During the almost full measure of a man’s life that he lived, he made every day
do the work of one week. Jail life was utilised for
intensive study. Ship journeys and the waiting time at stations were utilised for picking up new languages. This incessant activity
of body and mind was regulated by a strict adherence to time and programme, to
order and routine.
And
Gandhiji loved doing his own things himself. However trivial it might be, he
seldom asked another to do a thing which he could attend to by himself.

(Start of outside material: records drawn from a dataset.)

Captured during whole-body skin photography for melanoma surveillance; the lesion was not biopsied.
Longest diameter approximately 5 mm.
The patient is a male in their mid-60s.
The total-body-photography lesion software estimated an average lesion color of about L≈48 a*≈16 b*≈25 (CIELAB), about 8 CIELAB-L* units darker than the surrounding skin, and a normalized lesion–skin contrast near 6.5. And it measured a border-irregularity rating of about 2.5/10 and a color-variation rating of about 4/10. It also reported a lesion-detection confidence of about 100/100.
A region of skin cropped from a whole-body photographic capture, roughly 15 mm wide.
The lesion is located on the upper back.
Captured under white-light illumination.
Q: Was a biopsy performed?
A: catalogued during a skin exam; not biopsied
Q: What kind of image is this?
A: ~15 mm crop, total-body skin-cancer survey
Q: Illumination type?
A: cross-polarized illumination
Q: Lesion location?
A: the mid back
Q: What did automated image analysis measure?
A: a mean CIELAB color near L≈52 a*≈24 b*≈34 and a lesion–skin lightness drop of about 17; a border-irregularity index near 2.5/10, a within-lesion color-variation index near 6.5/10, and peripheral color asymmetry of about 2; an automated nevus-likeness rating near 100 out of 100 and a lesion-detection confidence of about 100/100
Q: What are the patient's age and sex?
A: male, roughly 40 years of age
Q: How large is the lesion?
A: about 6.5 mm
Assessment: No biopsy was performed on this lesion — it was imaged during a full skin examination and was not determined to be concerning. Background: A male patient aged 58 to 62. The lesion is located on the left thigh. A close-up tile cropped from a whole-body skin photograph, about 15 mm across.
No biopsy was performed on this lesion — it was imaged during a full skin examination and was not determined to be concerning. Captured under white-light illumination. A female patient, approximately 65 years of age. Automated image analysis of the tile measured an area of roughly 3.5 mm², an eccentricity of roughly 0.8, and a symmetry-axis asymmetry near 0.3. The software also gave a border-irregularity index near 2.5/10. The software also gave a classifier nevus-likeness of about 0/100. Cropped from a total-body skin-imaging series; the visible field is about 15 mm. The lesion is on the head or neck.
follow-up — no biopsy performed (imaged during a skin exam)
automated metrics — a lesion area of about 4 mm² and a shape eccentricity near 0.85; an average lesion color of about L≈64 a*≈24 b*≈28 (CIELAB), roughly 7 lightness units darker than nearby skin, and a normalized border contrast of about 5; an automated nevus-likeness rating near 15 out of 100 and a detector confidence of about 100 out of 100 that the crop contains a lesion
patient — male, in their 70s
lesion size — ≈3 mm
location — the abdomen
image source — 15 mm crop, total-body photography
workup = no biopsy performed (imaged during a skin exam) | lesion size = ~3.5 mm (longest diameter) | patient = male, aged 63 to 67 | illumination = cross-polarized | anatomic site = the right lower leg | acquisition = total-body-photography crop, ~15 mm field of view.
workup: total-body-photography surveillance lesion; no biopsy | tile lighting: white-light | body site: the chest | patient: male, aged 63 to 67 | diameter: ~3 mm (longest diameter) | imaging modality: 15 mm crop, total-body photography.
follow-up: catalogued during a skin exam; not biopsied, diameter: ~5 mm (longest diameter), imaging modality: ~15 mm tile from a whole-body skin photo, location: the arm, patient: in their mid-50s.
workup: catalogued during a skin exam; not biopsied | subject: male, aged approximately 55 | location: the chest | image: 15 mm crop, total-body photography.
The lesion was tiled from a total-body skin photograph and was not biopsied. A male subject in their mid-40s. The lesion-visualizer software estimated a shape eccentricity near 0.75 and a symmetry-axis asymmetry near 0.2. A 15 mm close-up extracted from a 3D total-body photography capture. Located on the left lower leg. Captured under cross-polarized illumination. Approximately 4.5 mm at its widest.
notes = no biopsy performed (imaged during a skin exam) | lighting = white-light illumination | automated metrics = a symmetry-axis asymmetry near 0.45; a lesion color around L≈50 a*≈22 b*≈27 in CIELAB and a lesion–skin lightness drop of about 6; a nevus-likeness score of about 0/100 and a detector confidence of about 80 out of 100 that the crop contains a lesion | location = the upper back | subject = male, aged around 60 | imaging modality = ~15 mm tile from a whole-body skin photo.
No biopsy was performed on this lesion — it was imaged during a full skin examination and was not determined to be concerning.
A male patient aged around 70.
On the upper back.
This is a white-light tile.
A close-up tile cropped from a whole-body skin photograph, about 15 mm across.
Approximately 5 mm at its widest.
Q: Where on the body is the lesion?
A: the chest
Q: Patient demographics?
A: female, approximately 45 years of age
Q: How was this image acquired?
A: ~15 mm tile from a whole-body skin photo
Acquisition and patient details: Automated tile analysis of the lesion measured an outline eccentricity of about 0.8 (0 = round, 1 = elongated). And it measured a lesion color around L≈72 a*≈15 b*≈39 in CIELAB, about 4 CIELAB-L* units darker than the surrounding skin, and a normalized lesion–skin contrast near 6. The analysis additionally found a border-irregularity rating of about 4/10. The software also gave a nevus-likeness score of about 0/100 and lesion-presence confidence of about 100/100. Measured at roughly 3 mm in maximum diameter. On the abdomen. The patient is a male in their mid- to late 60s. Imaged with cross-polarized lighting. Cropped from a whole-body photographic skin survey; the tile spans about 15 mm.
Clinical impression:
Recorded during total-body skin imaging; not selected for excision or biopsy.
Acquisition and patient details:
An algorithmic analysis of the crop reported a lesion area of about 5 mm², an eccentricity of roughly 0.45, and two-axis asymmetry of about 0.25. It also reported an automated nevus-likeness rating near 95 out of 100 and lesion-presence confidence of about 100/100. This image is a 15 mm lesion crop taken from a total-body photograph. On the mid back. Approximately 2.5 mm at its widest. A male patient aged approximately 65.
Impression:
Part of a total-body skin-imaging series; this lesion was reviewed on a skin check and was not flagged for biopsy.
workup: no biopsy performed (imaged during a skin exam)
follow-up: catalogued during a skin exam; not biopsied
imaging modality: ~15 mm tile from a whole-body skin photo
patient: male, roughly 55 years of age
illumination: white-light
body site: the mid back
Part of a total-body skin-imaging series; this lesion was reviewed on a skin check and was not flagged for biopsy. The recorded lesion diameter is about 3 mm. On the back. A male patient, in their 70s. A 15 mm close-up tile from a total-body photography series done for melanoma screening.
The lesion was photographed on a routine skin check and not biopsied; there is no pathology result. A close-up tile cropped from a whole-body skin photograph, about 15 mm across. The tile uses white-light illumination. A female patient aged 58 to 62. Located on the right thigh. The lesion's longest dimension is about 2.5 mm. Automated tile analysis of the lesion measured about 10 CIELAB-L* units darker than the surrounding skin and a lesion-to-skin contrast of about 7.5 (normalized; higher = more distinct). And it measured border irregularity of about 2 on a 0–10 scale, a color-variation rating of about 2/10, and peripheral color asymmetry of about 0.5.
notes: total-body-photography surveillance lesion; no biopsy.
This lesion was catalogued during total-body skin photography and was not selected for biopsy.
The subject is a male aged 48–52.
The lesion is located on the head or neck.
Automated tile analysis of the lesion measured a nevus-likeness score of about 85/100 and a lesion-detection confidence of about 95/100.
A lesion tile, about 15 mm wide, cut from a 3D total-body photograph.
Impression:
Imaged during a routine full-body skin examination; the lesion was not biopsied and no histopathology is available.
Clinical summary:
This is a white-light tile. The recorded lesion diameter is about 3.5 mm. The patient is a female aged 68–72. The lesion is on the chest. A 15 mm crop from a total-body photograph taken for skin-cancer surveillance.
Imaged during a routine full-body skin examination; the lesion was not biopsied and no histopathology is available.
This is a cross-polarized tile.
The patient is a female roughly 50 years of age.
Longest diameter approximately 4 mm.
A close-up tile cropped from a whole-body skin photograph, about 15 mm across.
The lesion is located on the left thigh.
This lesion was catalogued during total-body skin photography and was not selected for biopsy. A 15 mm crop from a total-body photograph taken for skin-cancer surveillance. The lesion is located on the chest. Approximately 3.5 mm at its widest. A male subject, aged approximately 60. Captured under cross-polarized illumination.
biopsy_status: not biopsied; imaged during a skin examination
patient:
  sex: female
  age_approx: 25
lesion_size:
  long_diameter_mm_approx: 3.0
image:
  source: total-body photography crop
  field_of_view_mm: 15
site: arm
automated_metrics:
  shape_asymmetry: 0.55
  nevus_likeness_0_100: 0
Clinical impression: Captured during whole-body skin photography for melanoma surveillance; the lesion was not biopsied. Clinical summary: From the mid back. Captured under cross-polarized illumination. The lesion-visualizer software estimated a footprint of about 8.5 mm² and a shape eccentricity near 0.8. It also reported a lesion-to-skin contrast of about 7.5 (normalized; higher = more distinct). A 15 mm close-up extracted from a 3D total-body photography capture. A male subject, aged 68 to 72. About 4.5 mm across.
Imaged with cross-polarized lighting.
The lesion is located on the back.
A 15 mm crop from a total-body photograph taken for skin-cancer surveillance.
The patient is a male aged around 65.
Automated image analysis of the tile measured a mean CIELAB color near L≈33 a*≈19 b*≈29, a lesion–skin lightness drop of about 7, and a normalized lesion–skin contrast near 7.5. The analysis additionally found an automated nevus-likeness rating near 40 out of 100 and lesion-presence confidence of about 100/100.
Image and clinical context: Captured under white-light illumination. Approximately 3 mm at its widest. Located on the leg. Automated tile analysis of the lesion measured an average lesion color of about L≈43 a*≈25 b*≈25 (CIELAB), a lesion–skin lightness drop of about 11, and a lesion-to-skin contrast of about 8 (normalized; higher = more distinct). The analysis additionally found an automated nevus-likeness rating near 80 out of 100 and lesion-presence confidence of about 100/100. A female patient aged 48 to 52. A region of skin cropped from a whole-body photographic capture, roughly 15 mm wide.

Self-help at all time and in all places was his motto. It gave one
self-reliance, saved time and money. He learnt washing, shaving, midwifery, nursing–oh, the list seems endless. And he the biggest
leader of a very big nation, leading it in a tussle with a major power in world
politics, found time and energy for doing many little things, little deeds of
kindness, speaking little words of comfort and encouragement to those who came
to him and poured forth their sorrows,
He
valued silence as much as he valued speech. To him the weekly day of silence
meant more time and intensity of work. God never takes rest, the Sun never
takes rest and man too has no right to idleness but must do something useful, that’s
how he thought.
Fearlessness
was an important attribute of his character. And with fearlessness went
frankness, the character of calling a spade a spade. It is all easy to praise
these virtues but when it comes to acting, many difficulties may crop up. But
not even for courtesy’s sake Gandhiji would not give up his frankness. It should not be forgotten that
frankness itself is a mark of fearlessness. When to the consternation of those
assembled, among whom were some Rajahs and Maharajahs, he rated these
Highnesses for their jewelled pedantry and silken
pomp which could be better utilised for the benefit
of the poor, when he asked high British officials to resign their posts and
join him in his fight for India’s Swaraj, he carried
his frankness to a degree. But the fearlessness which he showed in all his
action astonished the world. Speaking of his fearlessness said G. S. Arundale that it was natural to him and “because it is
natural it is gracious, it is chivalrous to all who are in his way!” It was “fearlessness
which makes friends not foes, which makes peace and not war.” Not only was he
utterly fearless himself but also made all others who came in contact with him
likewise fearless. As Viscount Samuel said: “He taught the
Indian to straighten his back, to raise his eyes, to face circumstance with a
steady gaze.” Under Gandhiji’s lead many a countryman of his lost the fear of losing property, the fear of going to
gaol, the fear of undergoing hardship, the fear of separation
from his near and dear ones, the fear of
even death itself.
This abhaya came
to him because of his infinite trust in
God and in his kindness and alertness in doing good
and in saving those who put their
trust in him. Because he was fearless it became possible for Gandhiji to build
all life’s activities on the strong foundations
of Truth and Non-violence, the two sentinel stars that guided all his activities. What Tolstoi said of himself applies with greater
emphasis to Gandhiji. “The hero of my tale, whom I love with all the power of
my soul, whom I have tried to
portray in all his beauty, who has been, is, and will be, beautiful is–Truth.” Truth and nothing but truth, as
the witness is made to swear in the witness box, Truth which gives no loophole of
exception, Truth in its highest sublimation as God and in all its ordinary and
special usage. To Gandhiji even secrecy is against Truth. After Truth comes
non-violence, non-violence in it’s amplified meaning of Love, not only to human beings but to all God’s creation, the
birds of the air and the beasts born and brought up on the same earth, mother
to us all. Like many a really pious
Hindu imbued with the spirit of Ahimsa and love of his religion and Dharma,
Gandhiji would not even hurt an
adder. His doctrine of non-violence as a practical article of faith to be practised in this world came
under violent criticism. Gandhiji’s answer to this was that everyone could practise it to the extent that he can go. Gandhiji’s
Contribution to ethical or poltical or moral warfare
against evil was his doctrine of Satyagraha which analysed would come to Satya plus Ahimsa plus fearlessness in a good
mixture. And Gandhiji showed that this decoction was a very potent force to
fight any formidable evil.
Gandhiji
practised non-possession in the right spirit of the
Gita. He called himself once a mendicant and his earthly property was
practically nil. Even while he was in
Allied
to non-possession came his vow of Brahmacharya even
while living a married state and that too when he was in middle ’Thirties.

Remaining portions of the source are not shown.